Para mí no hay nada que celebrar este 18-O. No voy a participar en ningún carnaval. Lo de hoy lo siento más bien como un funeral.
Yo –imagino que lo sospechaban– soy de esas personas a las que les da por hacer chistes en los funerales.
No es que yo sea irrespetuoso o sádico, o necrófilo. Sería absurdo.
Creo que esos arranques de hilaridad que me vienen en los sepelios ocurren como un acto reflejo para sublimar una experiencia traumática que tuve en un funeral siendo niño.
Mi padre me pidió que lo acompañara al entierro de un exjefe suyo. Cuando entramos a la iglesia yo preferí quedarme atrás, en un rincón, mientras él iba a saludar a los familiares. Ahí estaba yo, solo, cuando un anciano se me acercó, me dio unas palmadas en la espalda y me dijo algo así como “bendita juventud, aprovéchala, porque la vida se pasa volando y uno se arrepiente después de no haber buscado la felicidad”. Luego lo perdí de vista cuando se fue caminando con dirección al féretro. Al terminar la misa, mi padre me dijo que lo acompañara a rendirle respetos al difunto. Cuando estábamos al lado miré dentro de la urna y ¡vi al mismo anciano que me había hablado antes!
No pude dormir en dos noches. Al verme angustiado y mudo, mi padre me insistió en que le confesara lo que me ocurría. Con vergüenza, le conté la razón de mis desvelos y comenzó a reírse con ganas. Es que el muerto tenía un hermano gemelo.
Porque, ¿quién llevaría flores a su propio funeral, como dice la canción de la cantante Cami?

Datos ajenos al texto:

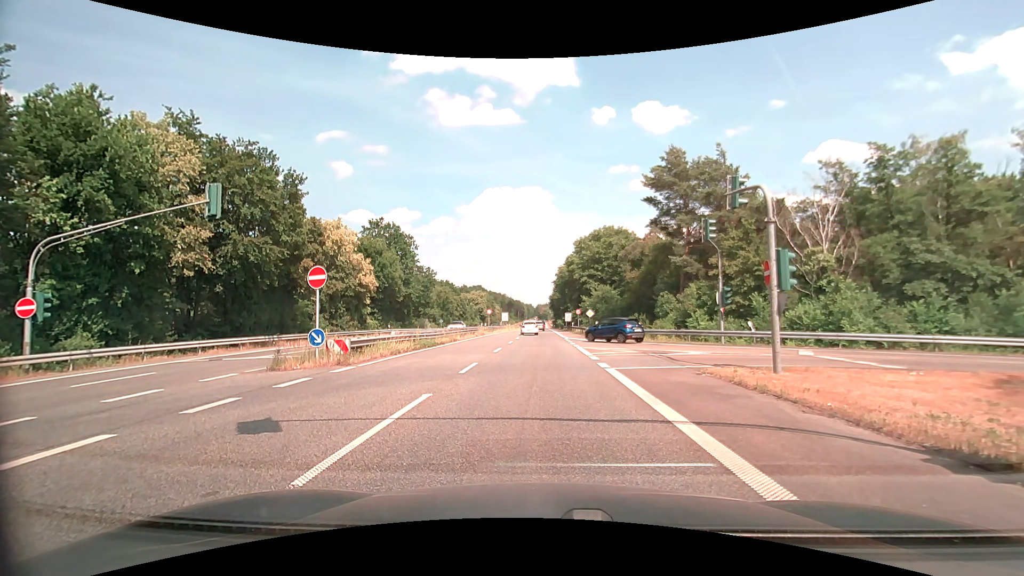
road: secondary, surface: asphalt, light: Day
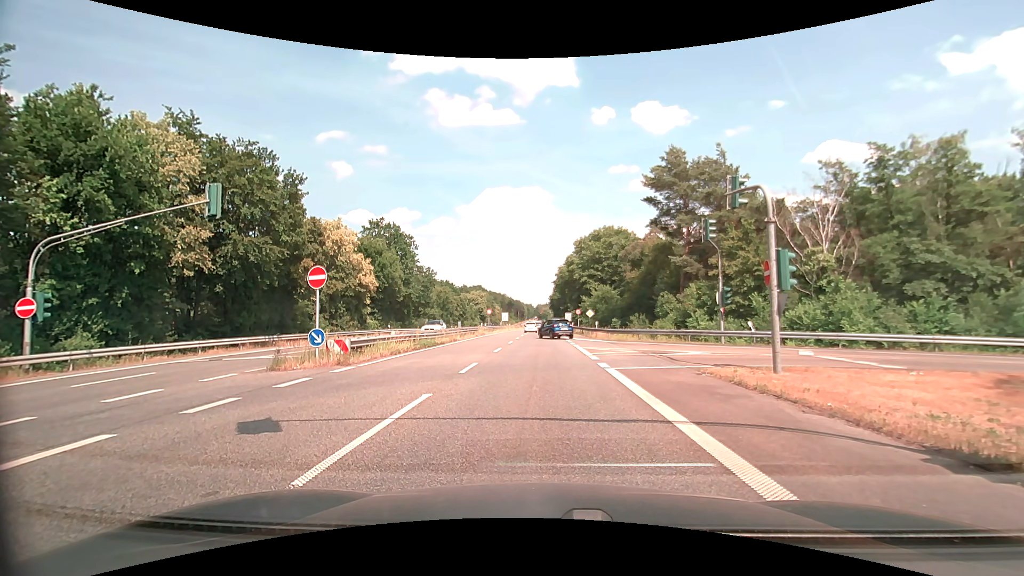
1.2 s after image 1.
(0.0, 0.0) m; 0°
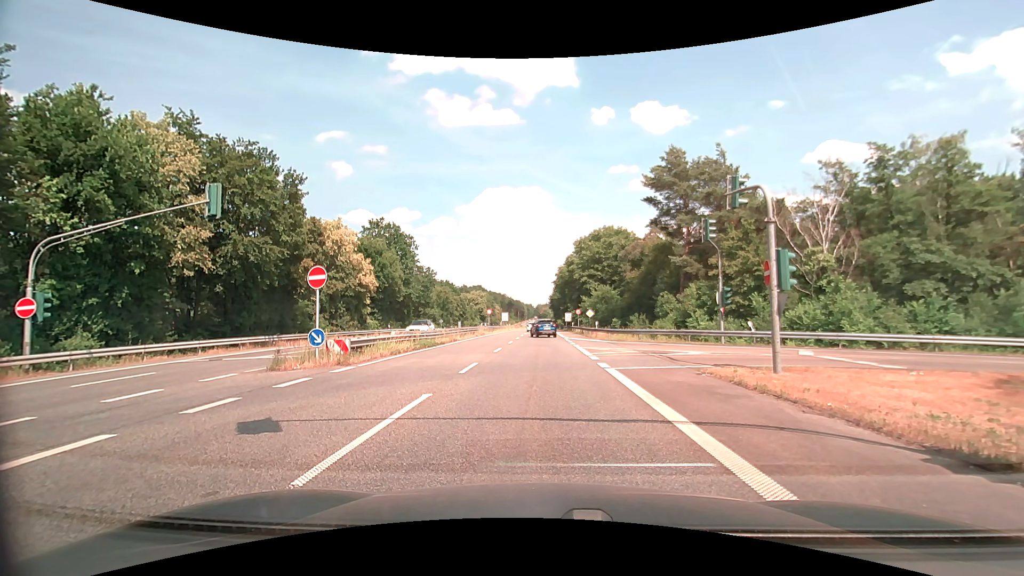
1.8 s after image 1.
(0.0, 0.0) m; 0°
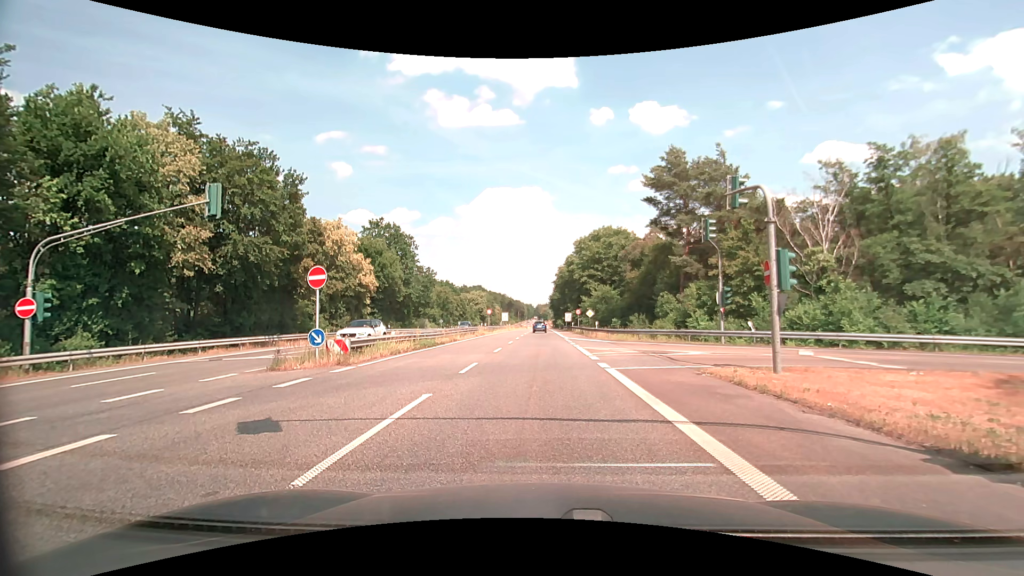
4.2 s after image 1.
(0.0, 0.0) m; 0°
(0, +10) (+1, +20) (+1, +30) (+1, +40) (+1, +50) (+2, +60) (+2, +70) (+2, +80) (+3, +90) (+3, +100) m

Nuestra democracia quedó malherida el 18 de octubre de 2019. Demasiadas autoridades validaron la violencia que estalló ese día como una fórmula válida para resolver controversias de nuestra vida en común.
Demasiadas personas comunes y corrientes hicieron lo mismo. Celebraron la violencia.
Después los dirigentes políticos acordaron que para terminar con la violencia se iniciaría un proceso para escribir una nueva Constitución para el país.
Pero la violencia no se terminó.
Fue el coronavirus, como bizarro artista invitado, quien trajo de vuelta la paz a nuestras ciudades. Pero era algo parecido a la paz de los cementerios, sustentada en el miedo a la muerte.
Y ahora que el coronavirus parece debilitado, resurge la violencia.
La violencia es el antónimo de la democracia. La democracia existe como la mejor fórmula para vivir en comunidad y resolver nuestras diferencias sin irnos a las manos o terminar a cuchilladas o a balazos.
Los que insisten en usar (o avalar) la violencia para resolver las diferencias propias de nuestra vida en comunidad son los verdugos de la democracia.
Si hoy regresa la violencia que vimos hace exactamente un año, le estaremos clavando otro puñal a la democracia.
Y todo esto terminará en funeral. Y el problema es que la democracia no tiene una hermana gemela, como en el episodio que me traumó en la infancia. Si la matamos, será el fin del país como lo conocemos.
Tendremos paz, pero esa otra paz… la paz de la frase “Que-descanse-en-paz”.